[Data entries]

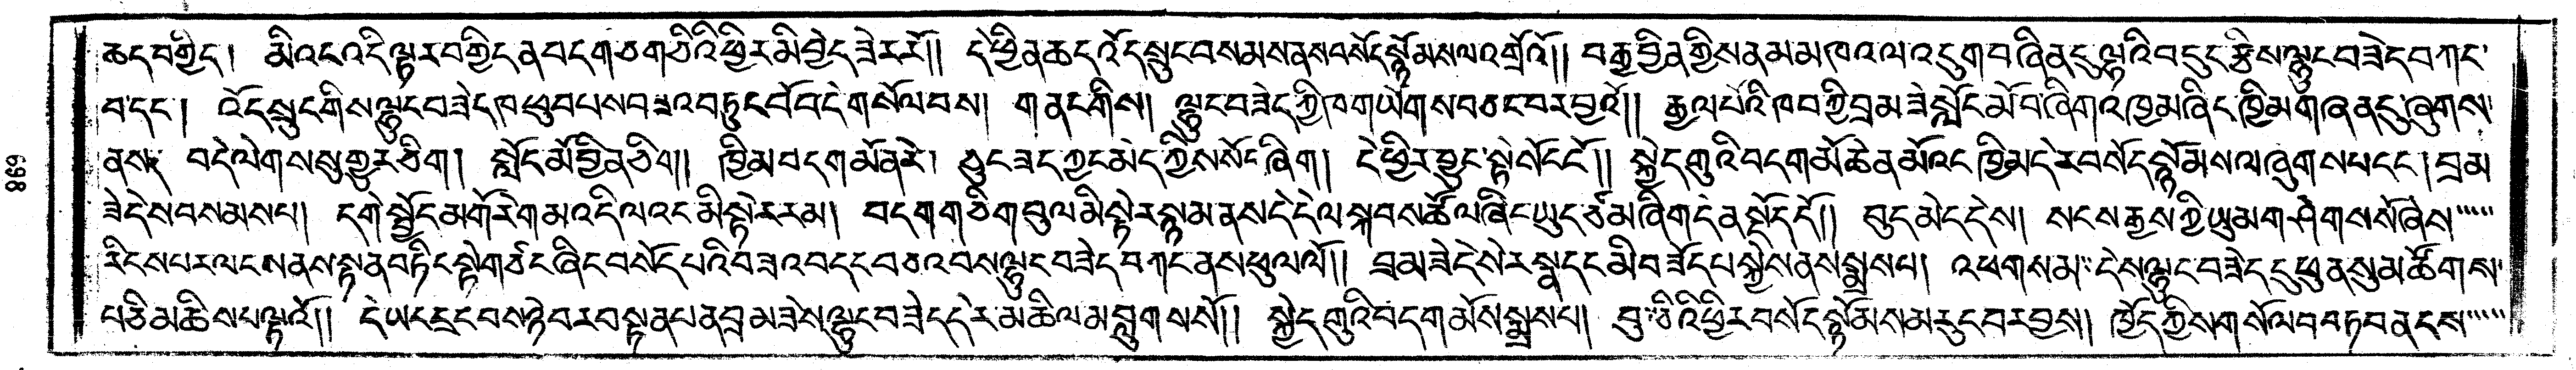ཆད་བགྱིད། མིའང་འདི་ལྟར་བགྱིད་ན་བདག་ཅག་ཅིའི་ཕྱིར་མི་བྱེད་ཟེར་རོ།། དེ་ཕྱིན་ཆད་འོད་སྲུང་བསམས་ནས་བསོད་སྙོམས་ལ་འགྲོའོ།། བརྒྱ་བྱིན་གྱིས་ནམ་མཁའ་ལ་འདུག་བཞིན་དུ་ལྷའི་བདུང་རྩིས་ལྷུང་བཟེད་བཀང་
བ་དང་། འོད་སྲུང་གིས་ལྷུང་བཟེད་ཁ་ཕུབ་པས་བཟའ་བཏུང་བོ་བདེ་གསོལ་བས། གནང་གིས། ལྷུང་བཟེད་ཀྱི་ཁ་གཡོགས་བཅང་བར་བྱའོ།། རྒྱལ་པོའི་ཁབ་ཀྱི་བྲམ་ཟེ་སློང་མོ་བ་ཞིག་འཁྱམ་ཞིང་ཁྱིམ་གཞན་དུ་ཞུགས་
ནས༑ བདེ་ལེགས་སུ་གྱུར་ཅིག། སློང་མོ་བྱིན་ཅིག། ཁྱིམ་བདག་མོན་རེ། ཅུང་ཟད་ཀྱང་མེད་ཀྱིས་སོང་ཞིག། དེ་ཕྱིར་བྱུང་སྟེ་སོང་ངོ།། སྐྱེ་དགུའི་བདག་མོ་ཆེན་མོའང་ཁྱིམ་དེར་བསོད་སྙོམས་ལ་ཞུགས་པ་དང་། བྲམ་
ཟེ་དེས་བསམས་པ། དགེ་སྦྱོང་མགོ་རེག་མ་འདི་ལའང་མི་སྟེར་རམ། བདག་གཅིག་བུལ་མི་སྟེར་སྙམ་ནས་དེ་དེ་ལ་སྐབས་ཚོལ་ཞིང་ཡུད་ཙམ་ཞིག་དེན་སྡོད་དོ།། བུད་མེད་དེས། སངས་རྒྱས་ཀྱི་ཡུམ་གཤེགས་སོ་ཞེས་
རིངས་པར་ལངས་ནས་སྟན་བཏིང་སྟེ་གཙང་ཞིང་བསོད་པའི་བཟའ་བདང་བཅའ་བས་ལྷུང་བཟེད་བཀང་ནས་ཕུལ་ལོ།། བྲམ་ཟེ་དེ་སེར་སྣ་དང་མི་བཟོད་པ་སྐྱེས་ནས་སྨྲས་པ། འཕགས་མ༑ དེས་ལྷུང་བཟེད་དུ་ཕུན་སུམ་ཚོགས་
པ་ཅི་མཆིས་པ་ལྟའོ།། དེ་ཡང་དྲང་བས་ཉེ་བར་བསྟན་པ་ན་བྲམ་ཟེས་ལྷུང་བཟེད་དེར་མཆིལ་མ་བླུགས་སོ།། སྐྱེད་གུའི་བདག་མོས་སྨྲས་པ། བུ༑ ཅིའི་ཕྱིར་བསོད་སྙོམས་མ་རུང་བར་བྱས། ཁྱོད་ཀྱིས་གསོལ་བ་བཏབ་ནངས་

**WHAT YOU NEED TO DO**
Write the entries above out again exactly, omitting each image.

**ANSWER FOR THIS EXERCISE**
ཆད་བགྱིད། མིའང་འདི་ལྟར་བགྱིད་ན་བདག་ཅག་ཅིའི་ཕྱིར་མི་བྱེད་ཟེར་རོ།། དེ་ཕྱིན་ཆད་འོད་སྲུང་བསམས་ནས་བསོད་སྙོམས་ལ་འགྲོའོ།། བརྒྱ་བྱིན་གྱིས་ནམ་མཁའ་ལ་འདུག་བཞིན་དུ་ལྷའི་བདུང་རྩིས་ལྷུང་བཟེད་བཀང་
བ་དང་། འོད་སྲུང་གིས་ལྷུང་བཟེད་ཁ་ཕུབ་པས་བཟའ་བཏུང་བོ་བདེ་གསོལ་བས། གནང་གིས། ལྷུང་བཟེད་ཀྱི་ཁ་གཡོགས་བཅང་བར་བྱའོ།། རྒྱལ་པོའི་ཁབ་ཀྱི་བྲམ་ཟེ་སློང་མོ་བ་ཞིག་འཁྱམ་ཞིང་ཁྱིམ་གཞན་དུ་ཞུགས་
ནས༑ བདེ་ལེགས་སུ་གྱུར་ཅིག། སློང་མོ་བྱིན་ཅིག། ཁྱིམ་བདག་མོན་རེ། ཅུང་ཟད་ཀྱང་མེད་ཀྱིས་སོང་ཞིག། དེ་ཕྱིར་བྱུང་སྟེ་སོང་ངོ།། སྐྱེ་དགུའི་བདག་མོ་ཆེན་མོའང་ཁྱིམ་དེར་བསོད་སྙོམས་ལ་ཞུགས་པ་དང་། བྲམ་
ཟེ་དེས་བསམས་པ། དགེ་སྦྱོང་མགོ་རེག་མ་འདི་ལའང་མི་སྟེར་རམ། བདག་གཅིག་བུལ་མི་སྟེར་སྙམ་ནས་དེ་དེ་ལ་སྐབས་ཚོལ་ཞིང་ཡུད་ཙམ་ཞིག་དེན་སྡོད་དོ།། བུད་མེད་དེས། སངས་རྒྱས་ཀྱི་ཡུམ་གཤེགས་སོ་ཞེས་
རིངས་པར་ལངས་ནས་སྟན་བཏིང་སྟེ་གཙང་ཞིང་བསོད་པའི་བཟའ་བདང་བཅའ་བས་ལྷུང་བཟེད་བཀང་ནས་ཕུལ་ལོ།། བྲམ་ཟེ་དེ་སེར་སྣ་དང་མི་བཟོད་པ་སྐྱེས་ནས་སྨྲས་པ། འཕགས་མ༑ དེས་ལྷུང་བཟེད་དུ་ཕུན་སུམ་ཚོགས་
པ་ཅི་མཆིས་པ་ལྟའོ།། དེ་ཡང་དྲང་བས་ཉེ་བར་བསྟན་པ་ན་བྲམ་ཟེས་ལྷུང་བཟེད་དེར་མཆིལ་མ་བླུགས་སོ།། སྐྱེད་གུའི་བདག་མོས་སྨྲས་པ། བུ༑ ཅིའི་ཕྱིར་བསོད་སྙོམས་མ་རུང་བར་བྱས། ཁྱོད་ཀྱིས་གསོལ་བ་བཏབ་ནངས་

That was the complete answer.